How to Win in Today’s Battle for Deposits
December 1, 2023 | 1 min read
Frank Abagnale, subject of the movie Catch Me If You Can and Cybersecurity and Fraud Prevention Expert, recently spoke at our Money Experience Summit event where he shared important lessons from his time spent working with the FBI, to help prevent fraud and educate organizations on best practices.
Abagnale also dives into the importance of education when it comes to fighting crime. He says, “Education is a very important tool. Banks need to educate and train their employees. I have found that over my 40 plus years, whether I'm educating FBI agents or whether I'm educating law enforcement or I'm educating bankers, it's the most important tool to fighting crime. I would say the number one thing that banks and financial institutions need to do is a better job of educating their employees so they understand the risk and they understand why those controls are in place to protect both them and their clients.”
Diving deeper into the topic of safety, Abagnale shares his thoughts on passwords and why we need to move away from them. He says, “We will never do away with problems on the internet till we wake up to the fact that passwords are for tree houses.
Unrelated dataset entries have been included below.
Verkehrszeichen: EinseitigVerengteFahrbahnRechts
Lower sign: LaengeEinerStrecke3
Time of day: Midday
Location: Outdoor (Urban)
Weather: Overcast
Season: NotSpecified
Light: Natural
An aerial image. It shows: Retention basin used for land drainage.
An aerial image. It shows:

We have got to get rid of passwords. They were invented in 1964 when I was 16 years old and today we are still using passwords. They're the cause of the malware, the ransomware, the breaches, everything. Fortunately, today, we have the technology to eliminate passwords. We can identify an individual from their device with 100% accuracy. I think we have to move ahead to the future. I know people don't like change, but change has to happen. And we have to get rid of passwords if we ever want to get rid of risks.”
Abagnale believes that in today’s world, it all starts with credit worthiness. He says, “I try to instill in young people today the importance of learning about how to handle credit. Everything is based on credit. If you apply for a job, they check your credit. If you apply for auto insurance, they check your credit. You apply for life insurance, they check your credit. It’s important to start early, to learn how to build credit in your own name, have a handle on your finances properly, and minimize your risk.
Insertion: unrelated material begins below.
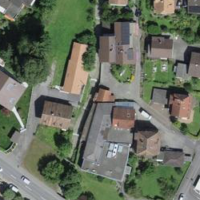
EUNIS habitat code: 54
Species observed at this site:
Geranium sanguineum
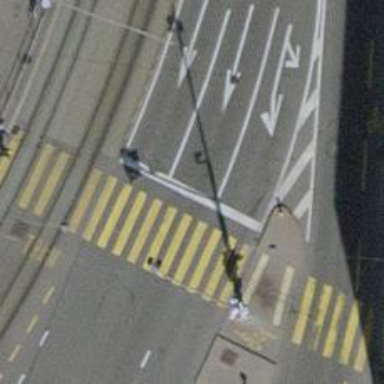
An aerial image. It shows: Road with traffic signals.

After writing a book, Abagnale says he found that “millennials were scammed more often than seniors, but seniors lost more money. So I think we do a very poor job of educating young people about the risks on the internet. The risks are going down the wrong road, the risks of not understanding how to handle your finances and how to build your credit and build your life.”
When it comes to preventing breaches, Abagnale believes it all starts with people. He says, “I think of every possible way I would defeat something. And I know that if I can think of it, someone else can think of it. If something's made by a man or a woman, there's a man or a woman who can defeat it. But what you try to do is make it so difficult that they'll go somewhere else. The problem we have today is that we have great technology, but if we don't use it, then it's worthless. Unfortunately, too many corporations and businesses today say, ‘Oh, this could never happen to me. I don't want to spend the money to do it.’ And you're just waiting to be a victim because you will become a victim.”
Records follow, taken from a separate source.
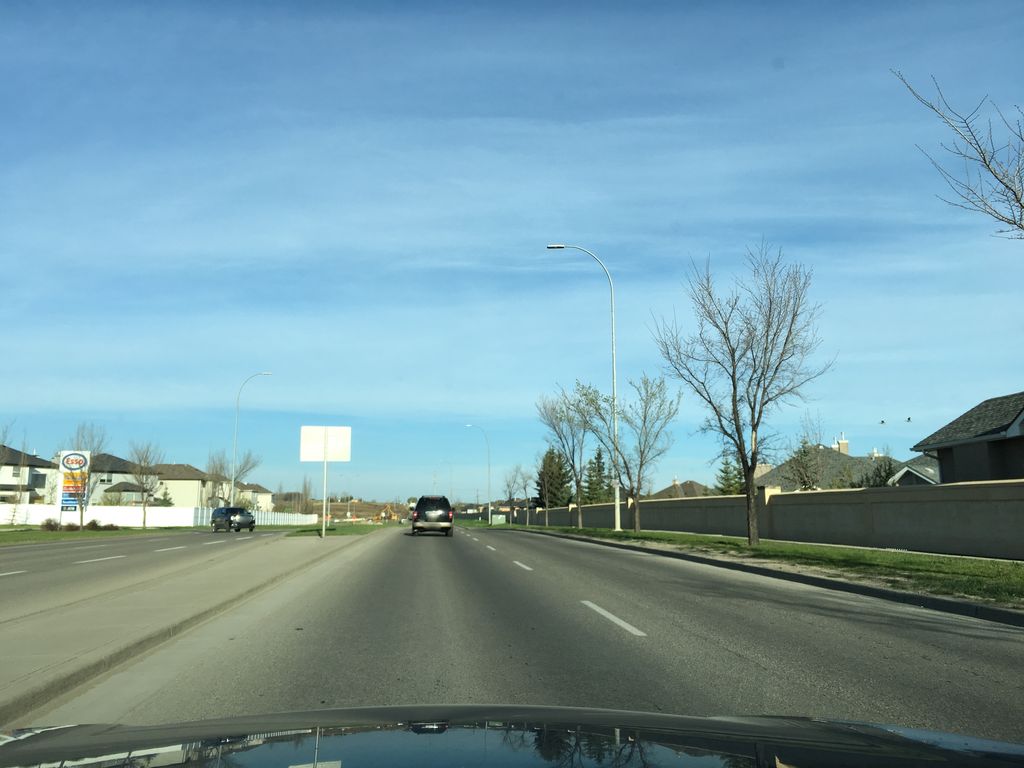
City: calgary
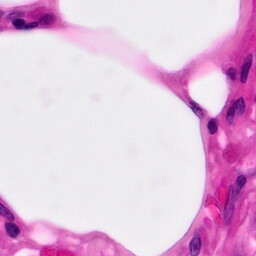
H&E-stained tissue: Pancreatic
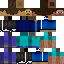
A male human skin with medium skin, wearing brown long hair dressed in a blue hoodie and black pants, featuring a closed mouth.
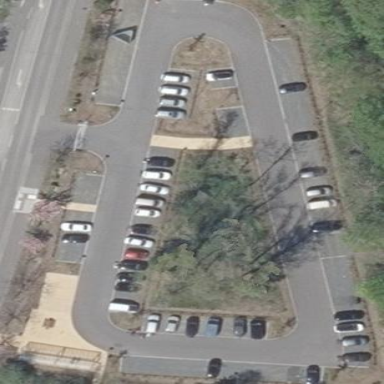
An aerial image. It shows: Parking area with surface dedicated for park and ride.

He later gives a specific example of the Equifax breach. He says, "They failed to update their system. They failed to put the security patches in from Microsoft. So eventually hackers got in and stole 148 million identities and 12 million drivers licenses. I always say that every breach occurs because somebody in that company did something they weren't supposed to do, or somebody in that company failed to do something they were supposed to do. Hackers really don't cause breaches, people do. We update our technology, we keep it updated. And that's the only way we can really stay safe and send the criminal somewhere else. Criminals are not looking for a challenge. They're looking for opportunities.”